陆明霄听说主谋是一个学生时,着实诧异了一下,他还真没想到这事会是个学生做的,因为他自认为没有招惹过哪一个学生,而且还是个高一的孩子,他本以为是生意上的对头看他不顺眼,要在他的私生活上插一脚。
接过纸袋,面带疑惑地打开封口取出照片,当陆明霄看到照片中的人时,整个人像是被雷霹到般愣在那里,眼睛死死地盯着照片上的男生,这眉目、这眼、这脸型实在是太像那个在他心里住了二十年的女人!
陆明霄执照片的手直哆嗦,脸色变得青红交措,放下照片,双手迫不及待地掏出袋里的纸张,想要看看这个人的确切资料,可是上面只是写了他的姓名、年龄、在哪所学校上过学,其它的内容都没有。
“怎么就这点东西?”陆明霄说话的声音都是颤抖的,他怀疑这个男生和方心璃有着极大的关系,否则不会长得如此相似。
“目、目前只查出这些东西。”郎兴看着上司那激动的表情,他感到相当困惑,这个谣言制造者值得上司如此失态吗?他在陆明霄手下干了近十年,很少看到他有如此失态的时候。
“给我查下去!将他自出生起的一切事情都给我查出来,我要他父母的确切资料,他们的相片更加不可少!”
陆明霄此刻已经忘记了找出谣言制造者的初衷,现在他的心情是怎么也平复不过来,方心璃温柔典雅的绝美容颜和方遥然绝俊的容颜在他的眼前不停地交错出现,越交错越觉得两人容貌相似得太过离谱。
“是。”
强将手下无弱兵,郎兴也是做事利落的人,上司要他怎么做就怎么做,即使心里再疑惑也不会在脸上显露出来。
而陆明霄则再也无心工作,只是坐在椅子上看着方遥然的照片,久久回不了神——
第二天下午临近下班时,心急如焚的陆明霄终于等到了要等的人。
郎兴走进陆明霄的办公室,他现在年纪三十有五,工作经验相当丰富,办事能力非常强,是以很受陆明霄的器重,查询一个人的确切资料向来是他的长项,可是这个方遥然——
“陆总。”郎兴有些狼狈地擦了擦脑门上的汗,惭愧地说道,“这个方遥然,我查不出来他的主要信息。”
“什么?”陆明霄诧异地看着他的得力手下,显然是没有料到还有他办不到的事。
“我所查到的都是微不足道的,可是主要的信息,比如他的父母是谁,根本查不到,这上面所写的名字是错的,根本没有这两个人!我感觉有一股势力在阻止着我深入查下去,甚至这些资料都有可能是他们故意提供给我的,可是这股势力究竟归谁所有,我依然查不到。”
陆明霄打开牛皮纸袋,里面的内容全是可有可无的消息,比如方遥然现在的住址,在校成绩和手下有几个小弟,可是他的父母一栏添的人全是化名,这是郎兴标记出来的。
“到底是谁在阻止我们查下去?难道他们有什么秘密是不能让人知道的吗?”陆明霄自言自语着,这个方遥然越神秘,他就越想查下去。

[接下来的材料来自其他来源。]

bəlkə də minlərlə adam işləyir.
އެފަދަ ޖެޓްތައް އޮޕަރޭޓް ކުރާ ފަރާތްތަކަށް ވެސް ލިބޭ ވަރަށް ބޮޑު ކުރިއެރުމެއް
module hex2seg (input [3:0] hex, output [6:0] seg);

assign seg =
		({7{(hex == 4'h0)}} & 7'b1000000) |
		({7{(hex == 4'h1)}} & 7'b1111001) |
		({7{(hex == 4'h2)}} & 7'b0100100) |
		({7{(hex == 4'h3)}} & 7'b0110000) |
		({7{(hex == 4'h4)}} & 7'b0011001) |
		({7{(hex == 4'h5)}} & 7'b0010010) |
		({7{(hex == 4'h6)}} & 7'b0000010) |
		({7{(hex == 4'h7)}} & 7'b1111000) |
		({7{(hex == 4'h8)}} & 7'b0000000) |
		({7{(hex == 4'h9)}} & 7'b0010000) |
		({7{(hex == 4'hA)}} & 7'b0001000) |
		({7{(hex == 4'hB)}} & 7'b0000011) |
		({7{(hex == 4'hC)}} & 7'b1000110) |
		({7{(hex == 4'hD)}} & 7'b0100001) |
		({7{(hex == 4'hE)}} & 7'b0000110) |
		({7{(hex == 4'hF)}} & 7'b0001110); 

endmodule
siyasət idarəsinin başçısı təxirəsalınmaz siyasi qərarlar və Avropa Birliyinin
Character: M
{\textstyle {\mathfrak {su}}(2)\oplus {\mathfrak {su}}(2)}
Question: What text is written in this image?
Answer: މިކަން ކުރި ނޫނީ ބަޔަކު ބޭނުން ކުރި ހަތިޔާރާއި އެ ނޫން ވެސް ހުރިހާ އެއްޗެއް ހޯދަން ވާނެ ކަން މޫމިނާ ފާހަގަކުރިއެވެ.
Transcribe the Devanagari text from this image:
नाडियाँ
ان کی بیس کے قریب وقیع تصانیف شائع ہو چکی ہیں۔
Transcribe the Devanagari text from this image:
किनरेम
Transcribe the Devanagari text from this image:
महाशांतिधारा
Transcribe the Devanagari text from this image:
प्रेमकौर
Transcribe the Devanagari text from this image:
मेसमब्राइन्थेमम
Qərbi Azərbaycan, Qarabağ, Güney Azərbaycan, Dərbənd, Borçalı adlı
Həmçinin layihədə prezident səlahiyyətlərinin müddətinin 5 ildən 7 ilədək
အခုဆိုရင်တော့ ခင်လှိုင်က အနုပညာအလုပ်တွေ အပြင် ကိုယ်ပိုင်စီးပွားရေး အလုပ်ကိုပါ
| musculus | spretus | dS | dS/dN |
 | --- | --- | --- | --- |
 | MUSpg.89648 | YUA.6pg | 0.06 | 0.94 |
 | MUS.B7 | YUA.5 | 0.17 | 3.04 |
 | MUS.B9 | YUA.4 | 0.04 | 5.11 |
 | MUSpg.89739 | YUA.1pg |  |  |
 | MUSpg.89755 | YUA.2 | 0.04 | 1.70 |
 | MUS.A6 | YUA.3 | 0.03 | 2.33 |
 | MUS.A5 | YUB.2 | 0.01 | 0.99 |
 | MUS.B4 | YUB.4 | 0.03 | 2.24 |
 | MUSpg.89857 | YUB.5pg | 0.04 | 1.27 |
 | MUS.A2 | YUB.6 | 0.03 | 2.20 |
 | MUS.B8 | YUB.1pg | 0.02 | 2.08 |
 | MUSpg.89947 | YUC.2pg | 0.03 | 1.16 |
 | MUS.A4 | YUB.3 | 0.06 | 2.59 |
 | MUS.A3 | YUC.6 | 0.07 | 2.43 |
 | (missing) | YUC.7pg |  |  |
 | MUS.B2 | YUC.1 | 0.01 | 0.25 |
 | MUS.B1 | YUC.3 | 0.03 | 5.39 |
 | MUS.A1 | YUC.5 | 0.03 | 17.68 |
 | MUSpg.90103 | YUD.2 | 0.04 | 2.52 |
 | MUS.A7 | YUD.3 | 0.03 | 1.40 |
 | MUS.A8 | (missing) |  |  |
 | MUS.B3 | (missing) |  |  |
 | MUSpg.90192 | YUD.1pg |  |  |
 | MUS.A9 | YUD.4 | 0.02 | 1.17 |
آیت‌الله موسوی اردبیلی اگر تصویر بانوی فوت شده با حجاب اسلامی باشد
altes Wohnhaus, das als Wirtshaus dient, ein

“你继续查下去,动用所有的势力去查。”陆明霄吩咐道。
“是。”郎兴这人向来是越挫越勇,越难查到的东西他越有兴趣查下去。
陆明霄拿着照片打算去找沈慧,虽然查不到这个方遥然确切的资料,但是沈慧对他的猜疑他必须先解决掉,随后他要找个时间好好会会这个方遥然,他到要问问他,自己什么时候惹到他了——
晚上,曾芷兰在写作业,觉得口渴,于是去客厅接了杯水,正打算喝的时候,母亲问她:“方遥然是你们班的吧?”
曾芷兰疑惑地点了点头,一时没想明白母亲为什么要提到方遥然,她是怎么认识的方遥然?
“你、你觉得他这个人怎么样?”沈慧迟疑地问道。
“——我和他不熟,只知道他这人不喜和人接触,尤其讨厌花痴的女生。”曾芷兰喝了一口水随后回答道,看来这个方遥然很令母亲困扰,他到底做了什么事令母亲有如此的反应?
“今天陆明霄告诉我,那个散步谣言的主谋就是这个孩子,我们都不明白他为什么要这么做——算了,你去做作业吧,这件事你还是别管了。”
沈慧是由于太过困惑才问起女儿方遥然的为人,她见过这个男孩子,他曾去过咖啡店,这么漂亮的孩子见了一次就不容易忘掉。
曾芷兰听后睁大了眼睛,不可思议地看着母亲,那件事是方遥然做出来的?母亲这一阵子神不守舍全是他害的?!
这个方遥然到底是要干什么?他做什么她都懒得理,但是事情关系到母亲就不行了,看来明天她要好好会会这个姓方的。
第二天上课,方遥然总是感觉那个曾芷兰看他的眼神相当不友善,也许她是已经知道他是破坏她母亲和陆明霄感情的罪魁祸首了吧。
晚上放学,曾芷兰早早收拾好了书包,走到方遥然的桌子前,用手指敲了敲他的桌子,面无表情地对他说道:“你现在跟我一起走,我请你吃饭。”
曾芷兰无视班上同学惊疑的眼光,率先走出了教室,她笃定方遥然会跟她来,果然不出所料,不一会儿的功夫,方遥然也收拾好了书包出了教室,跟着她离开了校园。
可想而知,这对班上的同学来说是个多大的新闻,方遥然自转来后从不跟班上女生说话,对女生的示好更是不加理会,而现在曾芷兰只一句话就令他乖乖的跟她走了,这对班上女生的打击实在是太大了——
结下梁子
两人来到学校附近的一家小餐厅,这里价格低廉,但食物做得不错,这个时间段吃饭的人不算多,里面还算是比较安静。
挑了一处靠玻璃的地方坐下,这样可以方便看到外面的景物。
两人面对面坐了下来,随便点了几个炒菜,要了两杯饮料,曾、方两人在食物方面都不是很挑剔,所以点的菜也不是很讲究、浪费时间的那种。
点完菜后,曾芷兰犀利的目光就没有离开过方遥然,她一直想着这个人为何要在母亲和陆明霄的感情事上插一脚,母亲是不可能惹到他,那么问题就出在陆明霄身上了,难道是他和陆明霄有过节?
“你想问就问吧。”方遥然被她探究的目光看得十分不自在,随即开口打破了这个令人尴尬的局面,觉得口有些渴,端起桌上的茶壶先给曾芷兰倒了一杯茶,然后再给自己倒上一杯。
方遥然觉得这曾芷兰看人的眼光实在太过凌厉,他始终不明白,她一个小女生哪来的如此‘江湖’气息?如果不是他镇定惯了,而是如那些同年龄的普通学生一样,也许都会在她此时的眼神下哆嗦起来。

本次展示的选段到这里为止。